**TASK INSTRUCTIONS:**
Using the records below, give again exactly the lines from the line that contains "Q: Width (condensed, normal, or" through the line that contains "Q: Monospaced? A: No.", both ends included, and only those.

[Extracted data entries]
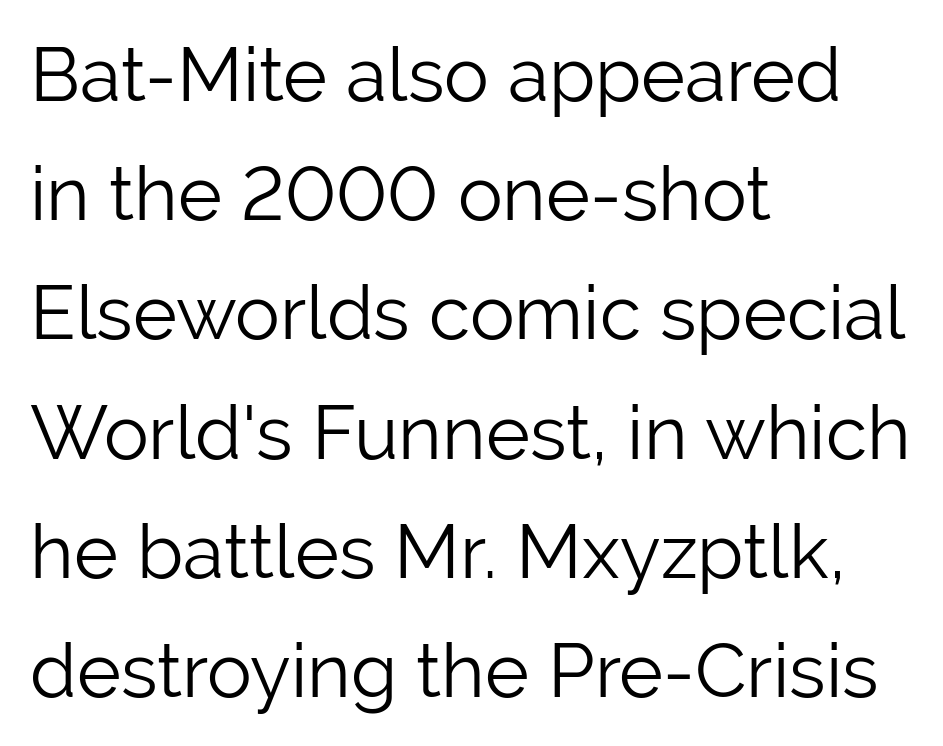
One glance says typical: line gaps are just what's usual. Students, note that the glyphs here touch the page at normal intervals. Are there feet on the stems? There aren't — it's a sans. Unmarked baselines from the first word to the last. The cut favours lightness, reaching ordinary text weight at its darkest.
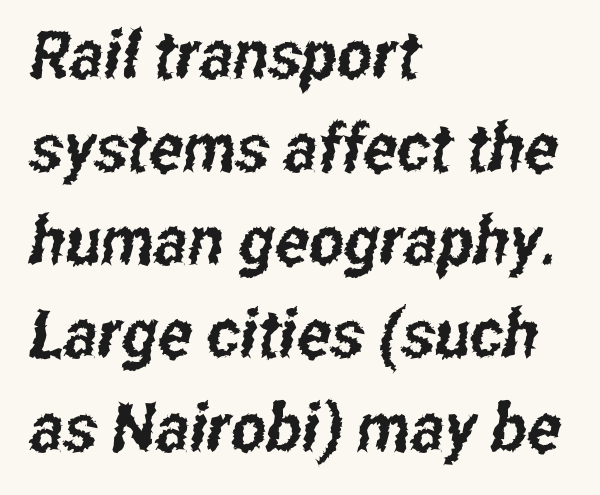
Q: Is the typeface a serif or a sans-serif typeface? A: Sans-serif.
Q: Is the text underlined? A: No.
Q: How is the paragraph aligned? A: Left-aligned.
Q: Is the spacing between letters normal or unusually wide? A: Normal.
Q: Is the spacing between lines tight, normal or loose? A: Normal.
Q: Width (condensed, normal, or wide)? A: Condensed.
Q: Stroke contrast? A: Low.
Q: x-height? A: Medium.
Q: Monospaced? A: No.
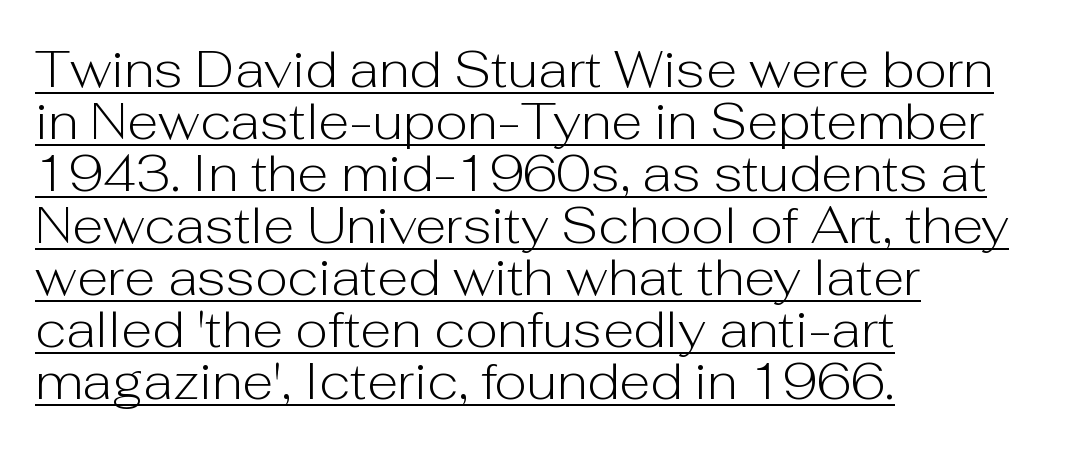
The image shows 51 px light sans-serif type, upright; set left-aligned, tight line spacing (1.02x), normal letter spacing, underlined; low stroke contrast and a medium x-height.
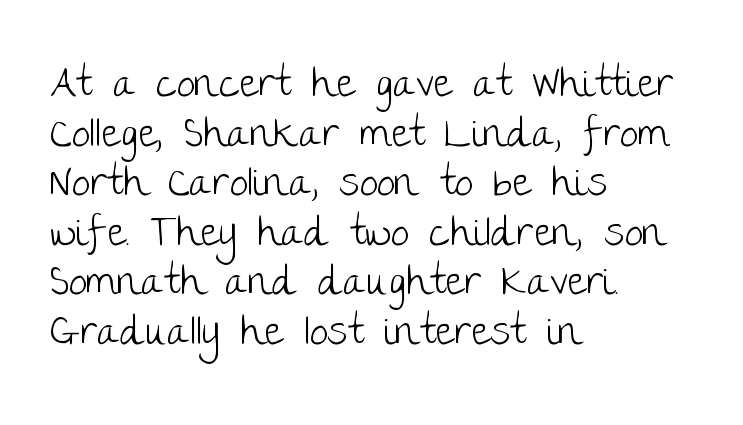
Typographically, this falls in the sans-serif category. The characters are drawn with everyday or finer stroke widths. Each word holds together tightly as a unit, with standard inter-letter gaps. Italic? Not at all — the glyphs are vertical. The ragged edge is on the right, which tells us the setting is flush left.
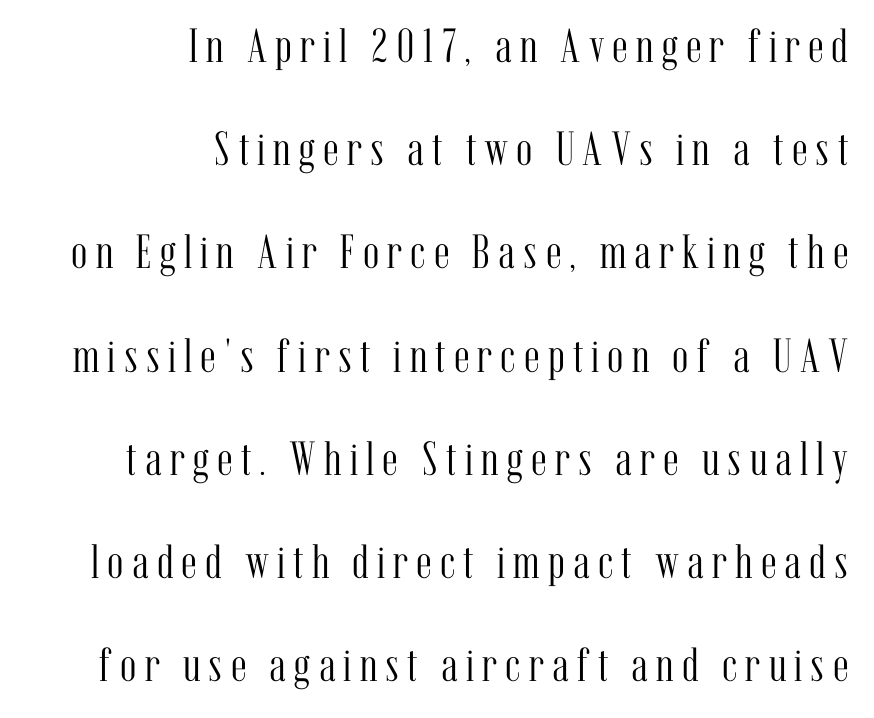
{"serif": "yes", "italic": "no", "bold": "no", "weight": "light", "width": "condensed", "stroke_contrast": "medium", "x_height": "medium", "monospaced": "no", "underline": "no", "align": "right", "line_spacing": "loose", "line_spacing_ratio": 2.15, "glyph_px": 48}
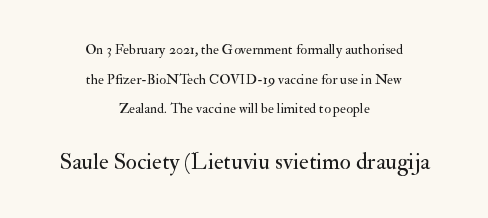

**WRITTEN REPLY:**
Q: Width (condensed, normal, or wide)? A: Condensed.
Q: Stroke contrast? A: Low.
Q: x-height? A: Medium.
Q: Monospaced? A: No.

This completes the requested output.